Il presidente si presenta come l’antidoto «agli estremi». Peccato che proprio lui abbia creato le condizioni per la presa delle istituzioni da parte dell’estrema destra. Ecco come e perché
Emmanuel Macron e Marine Le Pen hanno bisogno l’uno dell’altra: è questa in realtà la coabitazione in corso già da tempo, ed è questo il principale «patto col diavolo» checché ne dica il presidente.
Per capire le traiettorie macroniane, e soprattutto quelle della Francia e quindi di tutta Europa, non c’è bisogno di frugare nelle ragioni dell’annuncio di domenica scorsa con furia rabdomantica. La istituzionalizzazione dell’estrema destra procede a Parigi proprio come nell’Unione europea, e senza le complicità o le illusioni della destra considerata liberale non sarebbe stata possibile. Vale per i Popolari europei nei confronti di Giorgia Meloni, e vale per i liberali di Macron verso i lepeniani.
Da anni ormai, il presidente che doveva promuovere il grande centro non fa che polarizzare sempre più il paesaggio politico francese, salvo poi gridare «agli estremi». Il carismatico europeista liberale che aveva promesso di arrestare l’avanzata dell’estrema destra non fa che aprire spazi di azione a un Rassemblement National che cresce nei consensi – e nelle istituzioni – di elezione in elezione. Marine Le Pen non è inarrestabile, ma non sarà Macron a fermarla; tutt’altro.
Aprire a Le Pen
Il presidente ha già tagliuzzato il cordone sanitario da tempo, e lo ha fatto in più modi.
Anzitutto ha spostato sempre più a destra le sue politiche. In conferenza stampa mercoledì non ha fatto che invocare «sicurezza» e «più poliziotti», per non parlare della legge sull’immigrazione controversa proprio perché approvata coi voti del Rassemblement National e scritta assumendone la propaganda. E quante volte, già anni fa, il macroniano ministro degli Interni Gérald Darmanin ha definito Le Pen non abbastanza dura?
Il presidente in carica ha favorito la penetrazione delle istituzioni da parte del RN in modo diretto e indiretto. Direttamente, è almeno dalle legislative del 2022 che i macroniani equiparano l’unione di sinistra all’estrema destra, rifiutando di sostenere la prima ai ballottaggi; e nel giugno del 2022 quasi novanta deputati lepeniani sono entrati a frotte all’Assemblea nazionale.

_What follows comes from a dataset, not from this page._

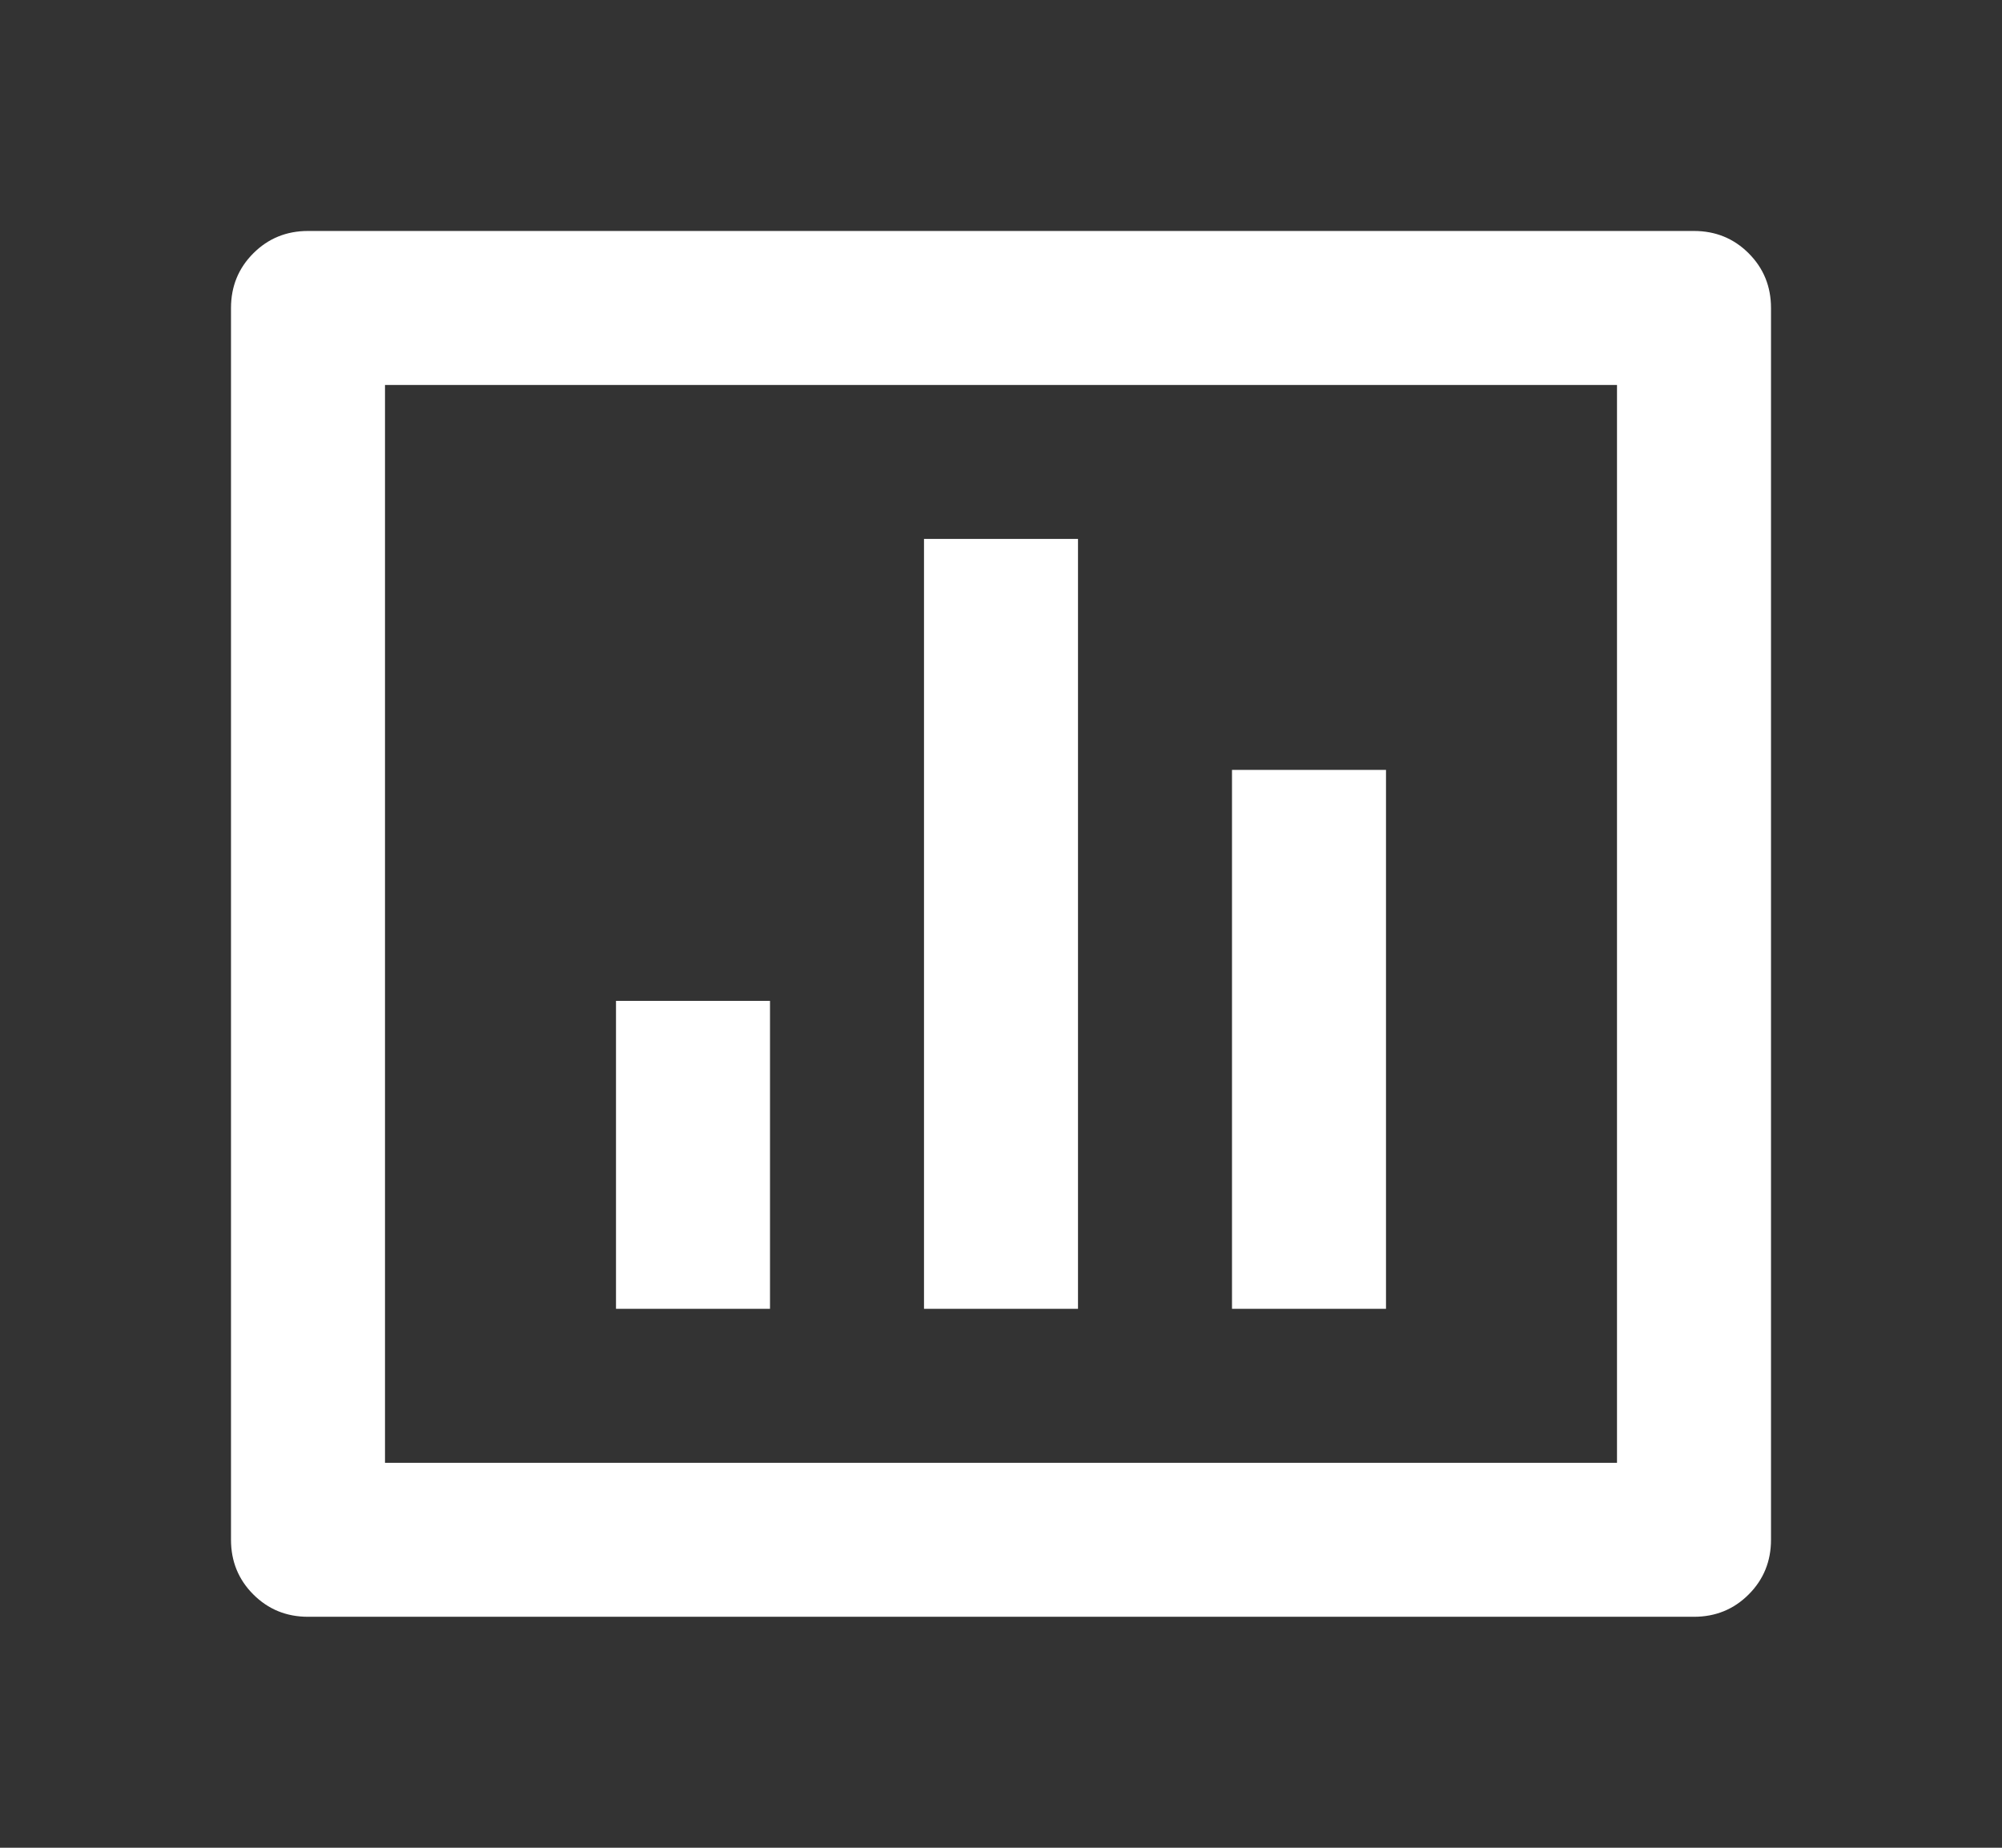 <svg width="26" height="24" viewBox="0 0 26 24" fill="none" xmlns="http://www.w3.org/2000/svg">
<rect x="0" y="0" width="26" height="24" fill="#333333" stroke="none"/>
<path d="M4 3H22C22.28 3 22.517 3.097 22.71 3.29C22.903 3.483 23 3.72 23 4V20C23 20.28 22.903 20.517 22.71 20.71C22.517 20.903 22.28 21 22 21H4C3.72 21 3.483 20.903 3.29 20.71C3.097 20.517 3 20.28 3 20V4C3 3.72 3.097 3.483 3.29 3.29C3.483 3.097 3.72 3 4 3ZM5 5V19H21V5H5ZM8 13H10V17H8V13ZM12 7H14V17H12V7ZM16 10H18V17H16V10Z" fill="white"/>
</svg>

Senza i voti dei sedicenti liberali di Renaissance, Le Pen non avrebbe potuto partecipare alla spartizione degli incarichi e ottenere per Sébastien Chenu e Hélène Laporte due vicepresidenze d’aula. La stretta di mano tra Le Pen e Macron il 21 giugno 2022 è la raffigurazione plastica del piano inclinato sul quale corre la République.
Trappole e vie di uscita
«Il cordone sanitario non c’è più!», urlava trionfante Kévin Mauvieux, uno degli eletti lepeniani, nell’estate 2022. Ma c’è di più: il presidente, con Le Pen che va al traino, sta proiettando ormai da anni quel cordone contro la sinistra.
Macron, che mercoledì ha giustificato la chiamata alle urne con «il democratico ascolto della popolazione», non ha ascoltato ragioni né democrazie né manifestazioni quando si è trattato di imporre la riforma delle pensioni; non c’è stato niente di liberale nelle violenze delle forze dell’ordine durante le proteste sociali e ambientali, negli attacchi alla Ligue des droits de l'Homme e prima ancora nella liberticida Legge sulla sicurezza globale.
Dopo aver più volte chiesto il voto all’elettorato di sinistra in nome di un cordone che lui stesso viola, Macron ora formula un ricatto morale: non solo chi sta con Le Pen, ma pure chi sta con la sinistra è traditore patrio. E quale alternativa offre? Mentre i lepeniani provano a mostrarsi presentabili, i macroniani portano sempre più tratti di una destra illiberale; finché distinguerne i destini diventerà sempre più arduo.